Marken müssen lernen, empathisch zu sein
 

Marken müssen lernen, empathisch zu sein

Fotolia/beeboys
Für den "Empathie-Report 2016" wurden insgesamt 1.003 Österreicher zwischen 14 und 69 Jahren befragt.
Für den "Empathie-Report 2016" wurden insgesamt 1.003 Österreicher zwischen 14 und 69 Jahren befragt.

Marketagent.com und Strategie Austria präsentieren den "Empathie-Report 2016", der belegt: Kunden wünschen sich von Marken, verstanden zu werden – dies geschieht allerdings nicht immer

Empathie – ein großer Begriff, der im Business-Kontext wohl eher selten fällt. Strategie Austria und das digitale Markt- und Meinungsforschungsinstitut Marketagent.com sind genau diesem Thema auf den Grund gegangen und haben sich gefragt, ob die Fähigkeit, sich in Menschen hineinzuversetzen, für Marken einen echten Mehrwert bietet oder ob es sich dabei nur um "esoterischen Luxus" handelt.
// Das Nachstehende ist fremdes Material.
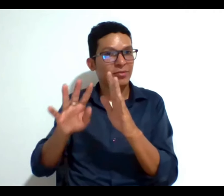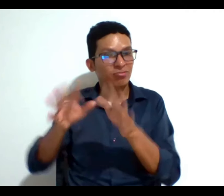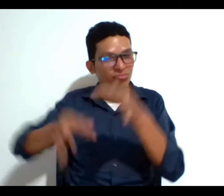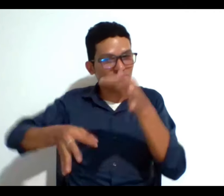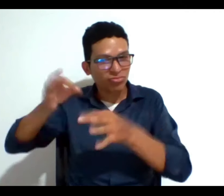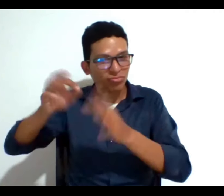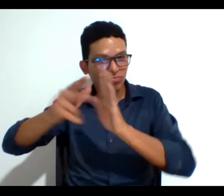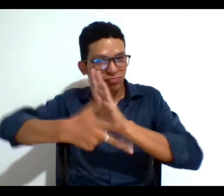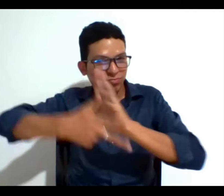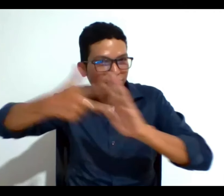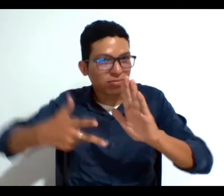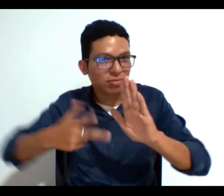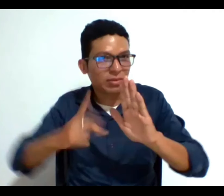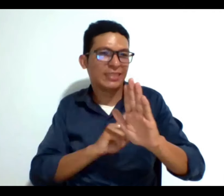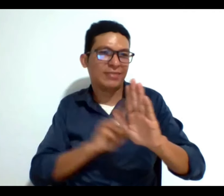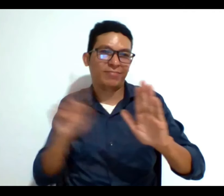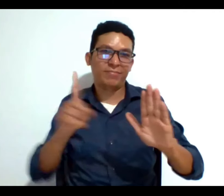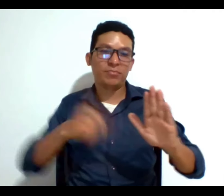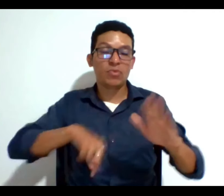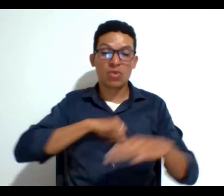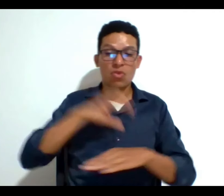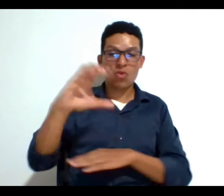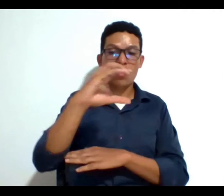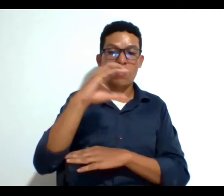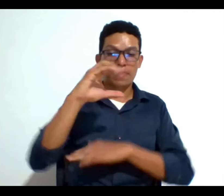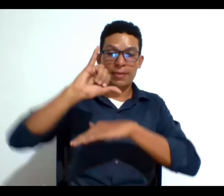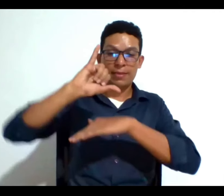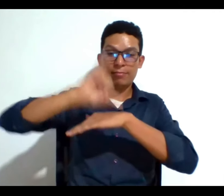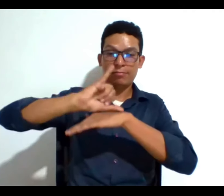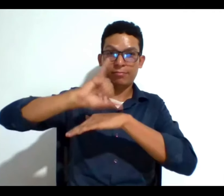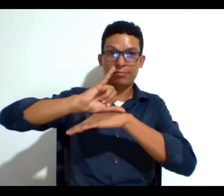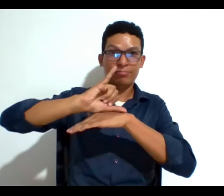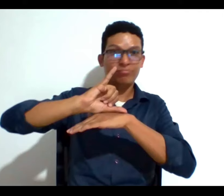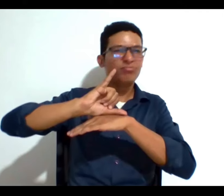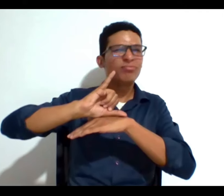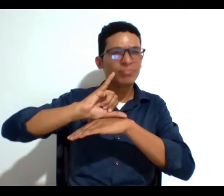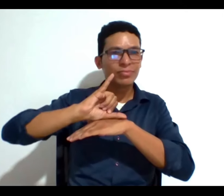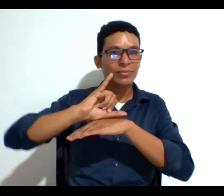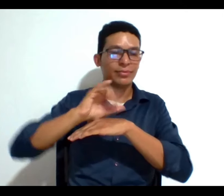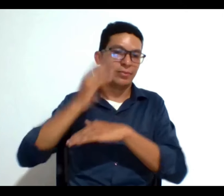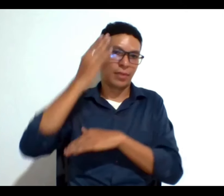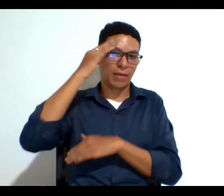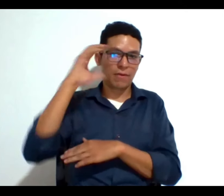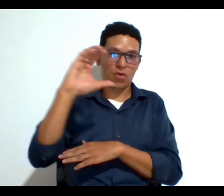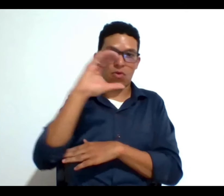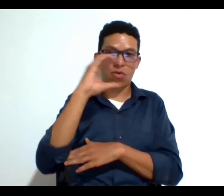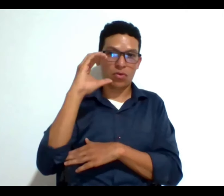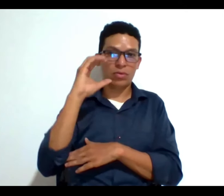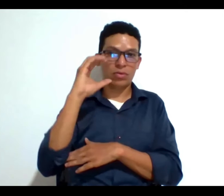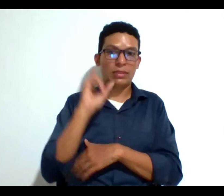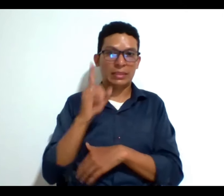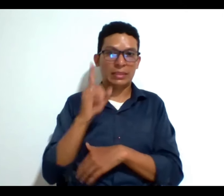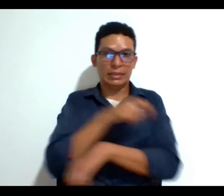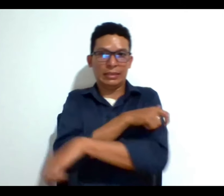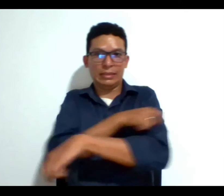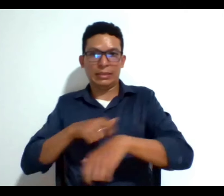creado como país una institucionalidad que en el caso colombiano son los comités

Die Ergebnisse präsentierten Marketagent-Geschäftsführer Thomas Schwabl  und Ulli Helm von der Strategie Austria am 17. März im Impact Hub Vienna.

"Zunächst haben wir uns kritisch gefragt, ob es möglich ist, Empathie in einer quantitativen Marktforschung zu durchleuchten", so Thomas Schwabl von Marketagent.com. "Trotz der Abstraktion des Themas konnten wir klare Erkenntnisse gewinnen. So ist die Bedeutung von Verständnis zwar im Bereich der Partner und Kinder am höchsten, aber 36 Prozent der Befragten ist es auch wichtig, sich von Marken verstanden zu fühlen."

Keine leeren Versprechungen machen

Dass Unternehmen diesem Wunsch aber oft nicht Folge leisten, zeigt die Studie ebenso, denn: nur 17 Prozent der Probanden fühlen sich von Marken tatsächlich verstanden. Grund dafür sind nicht eingelöste Versprechen, die die Beziehung zwischen Marken und Konsumenten zu belasten scheinen. Die Hälfte der Untersuchungsteilnehmer gab außerdem an, dass Marken einerseits versuchen, Empathie aufzubringen, andererseits aber nicht entsprechend handeln. Wenn es darum geht, wie sich Empathie konkret äußern sollte, nannten 64 Prozent "Service", "keine leeren Versprechungen" (60 Prozent) und "Preise" (60 Prozent). Weniger Bedeutung haben indes – und das überrascht vielleicht – attraktive Aktionen sowie die Kundenkommunikation. Dies zeigt: reden allein bringt nicht viel.

Ein weiter Weg


Und die Konsequenzen? Laut der Studie zieht sich etwa ein Drittel der Befragten zurück, wenn sie sich von einer Marke nicht verstanden fühlen, ein weiteres Drittel geht allerdings den direkten Weg und scheut sich nicht davor, das Problem anzusprechen. "Ein überraschend hoher Wert an Aktivität und Involvement", heißt es dazu seitens der Studien-Initiatoren.

Ulli Helm von Strategie Austria sagt dazu: "Die ermutigende Erkenntnis der Studie:  Bedürfnisorientierung zahlt sich aus. Werden Wünsche von einer Marke erfüllt, so kauft man sie wieder (59 Prozent) oder empfiehlt sie weiter (58 Prozent). Fast ein Drittel (31 Prozent) ist in dem Fall sogar bereit, eine Höchststufe an Loyalität zu beweisen – die Marke zu verteidigen." Die zweite gute Nachricht: Über 40 Prozent der befragten Österreicher sind der Meinung, dass Empathie im Markenbereich an Bedeutung gewonnen hat. Die Richtung stimmt also, auch wenn der Weg für Marken noch ein weiter zu sein scheint.